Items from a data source

==*==

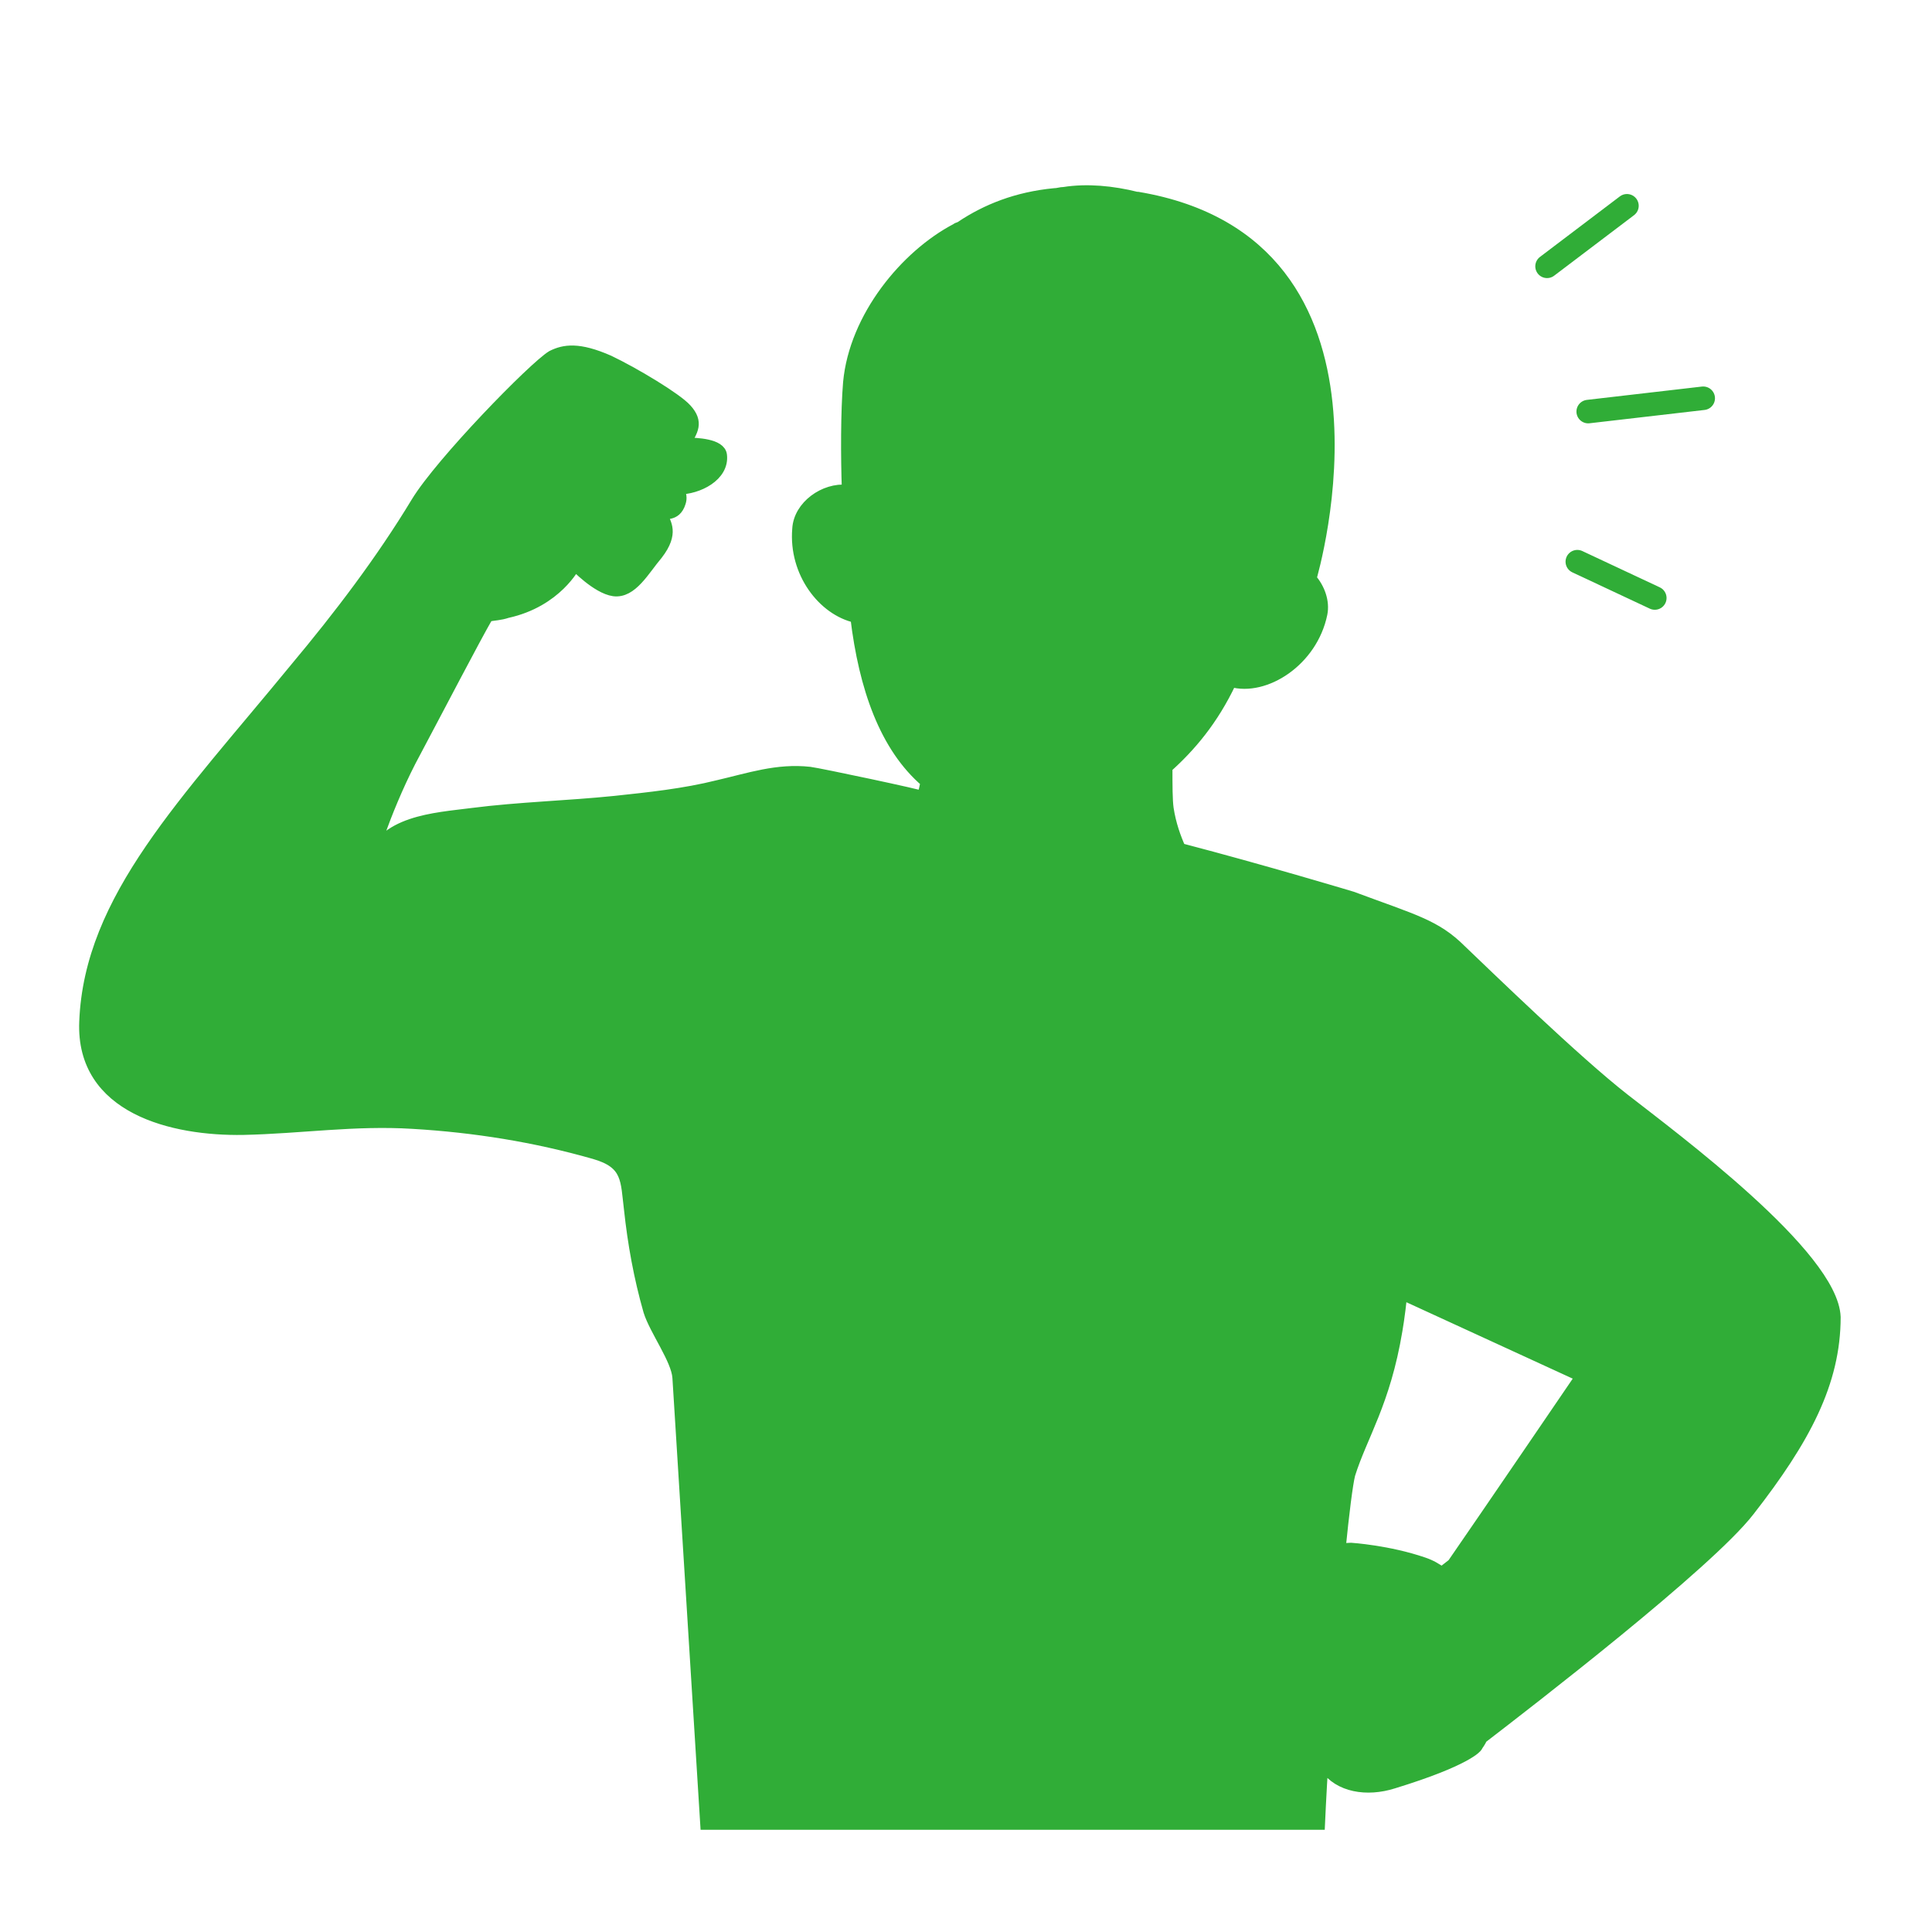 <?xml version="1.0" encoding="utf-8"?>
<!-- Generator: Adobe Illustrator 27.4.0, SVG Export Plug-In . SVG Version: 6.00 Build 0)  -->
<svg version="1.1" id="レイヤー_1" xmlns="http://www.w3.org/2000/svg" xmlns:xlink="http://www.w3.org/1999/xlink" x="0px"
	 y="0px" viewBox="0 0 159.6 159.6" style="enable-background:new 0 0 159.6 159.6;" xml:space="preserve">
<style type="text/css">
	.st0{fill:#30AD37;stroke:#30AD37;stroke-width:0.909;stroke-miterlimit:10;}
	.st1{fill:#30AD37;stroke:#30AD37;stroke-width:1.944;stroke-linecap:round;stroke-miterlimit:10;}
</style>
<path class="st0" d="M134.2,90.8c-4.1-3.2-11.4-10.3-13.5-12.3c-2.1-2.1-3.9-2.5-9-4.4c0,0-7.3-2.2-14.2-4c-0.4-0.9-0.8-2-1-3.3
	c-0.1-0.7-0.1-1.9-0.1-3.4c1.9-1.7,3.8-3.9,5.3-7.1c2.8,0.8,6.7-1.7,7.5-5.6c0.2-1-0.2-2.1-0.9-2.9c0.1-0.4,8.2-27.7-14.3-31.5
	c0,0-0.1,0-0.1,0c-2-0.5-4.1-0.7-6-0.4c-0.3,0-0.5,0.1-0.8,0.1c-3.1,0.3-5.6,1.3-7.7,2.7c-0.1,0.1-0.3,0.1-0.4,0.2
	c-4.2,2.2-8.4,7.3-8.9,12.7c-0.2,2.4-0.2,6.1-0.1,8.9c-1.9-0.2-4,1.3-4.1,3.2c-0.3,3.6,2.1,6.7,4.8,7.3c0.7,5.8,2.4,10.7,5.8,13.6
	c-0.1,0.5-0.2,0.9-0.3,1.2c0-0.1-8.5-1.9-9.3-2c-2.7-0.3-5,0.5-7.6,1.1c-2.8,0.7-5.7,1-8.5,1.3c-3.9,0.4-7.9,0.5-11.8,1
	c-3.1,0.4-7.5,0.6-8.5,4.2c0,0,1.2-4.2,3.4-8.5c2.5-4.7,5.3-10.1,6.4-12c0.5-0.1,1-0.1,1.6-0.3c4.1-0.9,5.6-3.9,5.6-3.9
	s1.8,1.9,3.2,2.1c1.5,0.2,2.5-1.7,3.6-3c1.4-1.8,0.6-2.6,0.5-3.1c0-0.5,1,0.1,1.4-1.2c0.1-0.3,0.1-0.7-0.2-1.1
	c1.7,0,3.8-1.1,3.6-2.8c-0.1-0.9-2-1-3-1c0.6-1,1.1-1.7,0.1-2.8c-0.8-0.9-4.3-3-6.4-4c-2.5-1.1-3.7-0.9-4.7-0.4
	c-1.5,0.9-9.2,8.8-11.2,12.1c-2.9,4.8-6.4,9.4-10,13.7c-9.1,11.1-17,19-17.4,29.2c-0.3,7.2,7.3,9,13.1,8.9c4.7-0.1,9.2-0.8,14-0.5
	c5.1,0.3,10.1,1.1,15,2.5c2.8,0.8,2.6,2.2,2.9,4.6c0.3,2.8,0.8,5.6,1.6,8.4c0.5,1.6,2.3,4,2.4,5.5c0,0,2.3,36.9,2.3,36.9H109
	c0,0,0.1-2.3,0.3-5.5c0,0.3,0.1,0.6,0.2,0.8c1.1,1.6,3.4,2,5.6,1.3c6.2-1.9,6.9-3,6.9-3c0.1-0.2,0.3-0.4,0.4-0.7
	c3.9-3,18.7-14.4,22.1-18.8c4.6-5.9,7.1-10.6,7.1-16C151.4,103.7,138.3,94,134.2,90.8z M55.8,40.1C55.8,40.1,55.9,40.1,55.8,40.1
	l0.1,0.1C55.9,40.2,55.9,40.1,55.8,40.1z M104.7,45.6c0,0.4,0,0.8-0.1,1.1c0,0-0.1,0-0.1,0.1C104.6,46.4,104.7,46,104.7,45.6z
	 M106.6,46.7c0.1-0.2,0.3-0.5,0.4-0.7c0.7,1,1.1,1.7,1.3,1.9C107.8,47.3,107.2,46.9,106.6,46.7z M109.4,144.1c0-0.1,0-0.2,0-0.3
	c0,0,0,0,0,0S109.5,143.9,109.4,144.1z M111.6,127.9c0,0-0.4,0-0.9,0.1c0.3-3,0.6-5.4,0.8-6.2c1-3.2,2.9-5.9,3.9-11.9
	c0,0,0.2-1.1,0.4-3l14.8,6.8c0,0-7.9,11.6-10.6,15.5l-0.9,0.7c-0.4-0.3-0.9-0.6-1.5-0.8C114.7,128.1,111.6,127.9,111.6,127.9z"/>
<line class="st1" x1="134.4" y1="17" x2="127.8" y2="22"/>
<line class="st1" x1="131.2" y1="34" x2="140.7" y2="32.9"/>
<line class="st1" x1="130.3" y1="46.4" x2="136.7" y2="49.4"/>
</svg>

==*==

◆ **HOW TO COMPLETE THIS TASK**
A single number is the whole answer: the count of lines above that hold "fill".

◆ **TASK OUTPUT**
2